Again he laughed. “Scaring the kiddies must have been most fun. But we have a war to plan.”

“Yes, Solomon has formulated the plans for the raid on the Samoan islet...”

“The mana reservoir under the island of Ta’u. Continue.”

“There are only a few mages in Samoan government, some from the American part and some from the independent nation. They work together most of the time. Solomon has determined when they don’t. Usually, they trade Sundays, but like I said one Sunday in seven both sides will take the afternoon off. It’s been consistent for the last three years we’ve been observing them. And he’s found the key to unlocking the mana-gate to the interior.”

“Has he?” asked LeDuc, with more openness than Jolene had seen in her father since her mother had died. “We’ve been working on that for years.”

She transferred a mana image to the central crystal on the conference table and expanded it to show those in the room. “This is a picture of the border around the edge of the mana-gate. It looks like a hand painted tapa cloth. You see there are three rows of blocks and a repeating pattern of these four here.”

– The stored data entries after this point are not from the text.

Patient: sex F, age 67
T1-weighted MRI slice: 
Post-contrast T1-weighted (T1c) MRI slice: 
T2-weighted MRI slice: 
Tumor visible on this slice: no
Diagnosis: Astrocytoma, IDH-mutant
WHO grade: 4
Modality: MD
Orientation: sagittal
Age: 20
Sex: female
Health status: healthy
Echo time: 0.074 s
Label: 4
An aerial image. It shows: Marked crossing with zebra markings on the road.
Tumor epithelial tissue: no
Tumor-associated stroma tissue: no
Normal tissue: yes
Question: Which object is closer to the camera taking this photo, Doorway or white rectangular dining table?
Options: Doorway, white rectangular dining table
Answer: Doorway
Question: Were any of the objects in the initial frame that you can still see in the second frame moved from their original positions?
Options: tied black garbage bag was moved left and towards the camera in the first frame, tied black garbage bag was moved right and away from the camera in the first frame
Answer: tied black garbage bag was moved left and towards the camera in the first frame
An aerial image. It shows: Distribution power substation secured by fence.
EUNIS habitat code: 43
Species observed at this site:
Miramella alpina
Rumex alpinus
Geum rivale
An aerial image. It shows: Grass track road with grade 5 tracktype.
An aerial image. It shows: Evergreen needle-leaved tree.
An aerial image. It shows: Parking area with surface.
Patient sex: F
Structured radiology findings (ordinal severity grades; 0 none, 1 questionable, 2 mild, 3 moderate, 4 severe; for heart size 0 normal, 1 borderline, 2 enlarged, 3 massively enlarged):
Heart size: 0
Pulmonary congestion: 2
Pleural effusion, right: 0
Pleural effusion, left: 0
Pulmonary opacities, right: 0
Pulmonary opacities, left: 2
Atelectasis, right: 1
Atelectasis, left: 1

“Yes,” said her father. “I see it repeats, so?”

“You see the lines here, in this particular block? There is a reduction in the space between the sienna colored lines that does not repeat anywhere else. We have examined the 800 feet plus of this pattern. It only shows up here,” She pointed to the panel beside the gate itself.

“Alright,” he said again. “This means?”

“We have observed the guard touching this spot and saying ”Ou te manao e tatala, faitotoa!” in Samoan. “Which means “Open door!”

“Excellent,” he smiled, though it wasn’t a smile that would make anyone happy to see.

“Also, Father,” she said. “I believe Davic McKay has discovered how to move the moon.”

“We have heard report of this rongorongo tablet and it’s translation.” He moved his hand as if to dismiss the train of conversation.

“That is not the direction I was taking this conversation. I believe he knows how to do it himself. If we were to kidnap him, we could use his knowledge to our advantage.”

“Yes,” he nodded seeing how it could help them. “Good job Jolene, set up plans and pass them by me.” He turned to Jason. “Send in Solomon we’re about to raid Ta’u.”